When $rx does have a capturing group, it works as the other one. For example, if the regular expression is qr{([-+])} (i.e. capture either of the minus or the plus characters, once), the evaluation is like the following:

my ($retval) = $$rtext =~ m{\G([-+])}cgmxs or return;

and works as expected: if the character is missing then undef is returned, otherwise the following line:

return [$retval];

will return the character as the lone item inside an anonymous array.

On the other hand, what happens when I do not want to capture stuff? As an example, let’s consider the regular expression qr{\s+} to ignore white spaces, this would mean having:

my ($retval) = $$rtext =~ m{\G\s+}cgmxs or return;
return [$retval];

When there is white space, I would expect this to return an anonymous array containing undef but… I actually get all the white spaces inside!

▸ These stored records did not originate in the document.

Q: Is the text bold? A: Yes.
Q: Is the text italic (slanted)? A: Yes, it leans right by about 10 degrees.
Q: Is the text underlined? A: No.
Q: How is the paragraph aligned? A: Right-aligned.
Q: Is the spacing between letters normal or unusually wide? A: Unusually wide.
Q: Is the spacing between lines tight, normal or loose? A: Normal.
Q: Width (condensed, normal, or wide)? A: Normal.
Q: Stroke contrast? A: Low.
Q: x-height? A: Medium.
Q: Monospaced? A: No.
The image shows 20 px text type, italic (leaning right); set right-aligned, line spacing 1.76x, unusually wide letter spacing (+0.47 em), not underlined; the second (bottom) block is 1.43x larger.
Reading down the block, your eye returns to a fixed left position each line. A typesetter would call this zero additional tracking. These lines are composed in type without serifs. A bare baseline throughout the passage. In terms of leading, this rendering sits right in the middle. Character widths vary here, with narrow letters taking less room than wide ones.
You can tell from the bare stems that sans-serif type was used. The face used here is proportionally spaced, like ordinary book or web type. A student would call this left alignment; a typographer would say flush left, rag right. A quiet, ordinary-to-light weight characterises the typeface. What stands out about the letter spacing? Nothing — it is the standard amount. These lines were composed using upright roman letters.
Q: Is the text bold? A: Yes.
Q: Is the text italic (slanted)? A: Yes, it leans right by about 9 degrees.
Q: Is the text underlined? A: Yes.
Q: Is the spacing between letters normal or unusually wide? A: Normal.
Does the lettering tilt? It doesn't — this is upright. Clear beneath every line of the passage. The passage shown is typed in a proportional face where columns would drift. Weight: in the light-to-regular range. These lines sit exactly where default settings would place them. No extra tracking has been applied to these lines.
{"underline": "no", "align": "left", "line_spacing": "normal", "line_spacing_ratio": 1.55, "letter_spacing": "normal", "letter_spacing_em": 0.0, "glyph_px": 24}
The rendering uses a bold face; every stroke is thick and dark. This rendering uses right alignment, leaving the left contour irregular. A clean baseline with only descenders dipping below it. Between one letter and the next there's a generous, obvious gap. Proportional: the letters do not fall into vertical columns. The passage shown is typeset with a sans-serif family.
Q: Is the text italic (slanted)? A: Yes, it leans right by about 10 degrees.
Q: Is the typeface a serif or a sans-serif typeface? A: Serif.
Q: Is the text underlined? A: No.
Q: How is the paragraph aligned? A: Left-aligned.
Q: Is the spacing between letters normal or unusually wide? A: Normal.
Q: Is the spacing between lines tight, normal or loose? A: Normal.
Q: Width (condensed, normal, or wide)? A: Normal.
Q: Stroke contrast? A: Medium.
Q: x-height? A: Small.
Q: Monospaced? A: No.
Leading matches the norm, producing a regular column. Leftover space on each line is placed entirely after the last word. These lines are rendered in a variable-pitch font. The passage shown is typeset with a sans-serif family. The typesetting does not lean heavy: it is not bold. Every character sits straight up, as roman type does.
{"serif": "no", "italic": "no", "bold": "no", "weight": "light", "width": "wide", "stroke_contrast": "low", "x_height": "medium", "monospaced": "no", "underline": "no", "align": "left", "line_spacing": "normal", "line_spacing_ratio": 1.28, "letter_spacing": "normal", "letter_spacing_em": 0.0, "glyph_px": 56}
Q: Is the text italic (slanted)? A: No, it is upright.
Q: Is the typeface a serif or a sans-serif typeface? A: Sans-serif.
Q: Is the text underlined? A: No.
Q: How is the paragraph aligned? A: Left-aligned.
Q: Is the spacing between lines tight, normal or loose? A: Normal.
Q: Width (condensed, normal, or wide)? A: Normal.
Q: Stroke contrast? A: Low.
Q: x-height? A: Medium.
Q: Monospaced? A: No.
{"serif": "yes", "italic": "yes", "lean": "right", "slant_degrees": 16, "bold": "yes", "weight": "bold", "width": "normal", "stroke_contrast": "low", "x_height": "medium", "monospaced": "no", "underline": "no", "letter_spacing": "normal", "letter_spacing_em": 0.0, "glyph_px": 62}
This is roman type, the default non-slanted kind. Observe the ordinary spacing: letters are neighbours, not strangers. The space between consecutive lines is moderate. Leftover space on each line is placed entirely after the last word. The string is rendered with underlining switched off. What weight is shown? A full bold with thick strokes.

To understand this, let’s do a perldoc -f m and read:

The “/g” modifier specifies global pattern matching–that is, matching as many times as possible within the string. How it behaves depends on the context. In list context, it returns a list of the substrings matched by any capturing parentheses in the regular expression. If there are no parentheses, it returns a list of all the matched strings, as if there were parentheses around the whole pattern.

There we are! No parentheses means a whole pair of parentheses around the whole pattern! On the other hand, in the original code we would have:

my (undef, $retval) = $$rtext =~ m{\G()\s+}cgmxs or return;
return [$retval];

which does have a pair of (empty) parentheses, so $retval ends up being undef as expected.

I. Don’t. Want. To. Capture. This. Stuff.